__The problem__. Each line below from the "An aerial image. It shows: Warehouse." line through the "gpt: sparse forest" line, those two included, must be restated word for word; the pictures must not be.

-- Data to process follows --

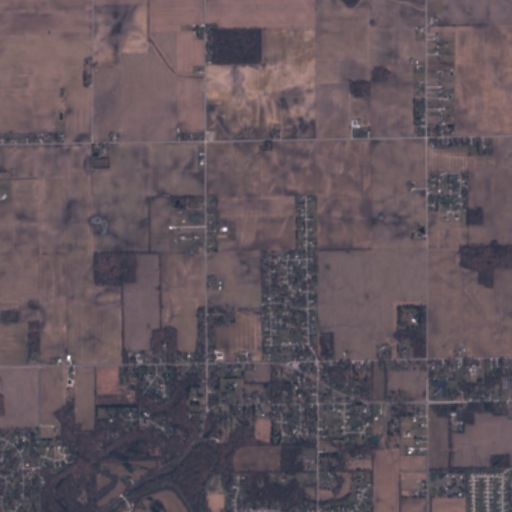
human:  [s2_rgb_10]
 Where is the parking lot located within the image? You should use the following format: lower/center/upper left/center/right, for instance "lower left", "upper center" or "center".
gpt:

-- Data to process concluded --
-- Data to process follows --

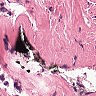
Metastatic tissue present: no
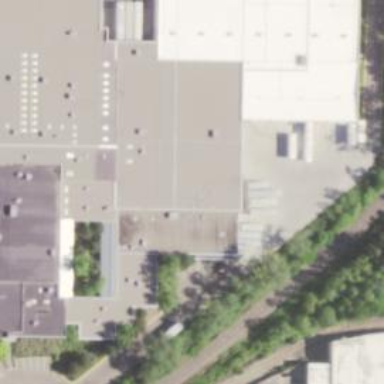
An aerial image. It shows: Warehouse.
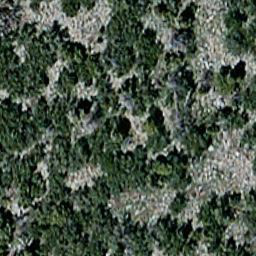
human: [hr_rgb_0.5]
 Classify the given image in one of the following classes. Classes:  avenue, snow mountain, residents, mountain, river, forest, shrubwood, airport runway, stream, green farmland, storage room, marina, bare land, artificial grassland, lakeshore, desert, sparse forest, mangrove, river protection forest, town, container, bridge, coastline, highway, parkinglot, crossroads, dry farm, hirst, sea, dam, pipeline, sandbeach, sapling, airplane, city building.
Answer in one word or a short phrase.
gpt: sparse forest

-- Data to process concluded --
-- Data to process follows --

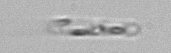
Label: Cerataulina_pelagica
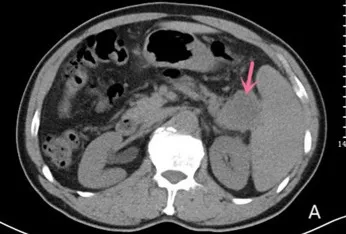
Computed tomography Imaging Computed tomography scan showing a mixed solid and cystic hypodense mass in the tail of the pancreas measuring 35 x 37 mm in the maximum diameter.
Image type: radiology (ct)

-- Data to process concluded --

__Response to this task__.
An aerial image. It shows: Warehouse.
human: [hr_rgb_0.5]
 Classify the given image in one of the following classes. Classes:  avenue, snow mountain, residents, mountain, river, forest, shrubwood, airport runway, stream, green farmland, storage room, marina, bare land, artificial grassland, lakeshore, desert, sparse forest, mangrove, river protection forest, town, container, bridge, coastline, highway, parkinglot, crossroads, dry farm, hirst, sea, dam, pipeline, sandbeach, sapling, airplane, city building.
Answer in one word or a short phrase.
gpt: sparse forest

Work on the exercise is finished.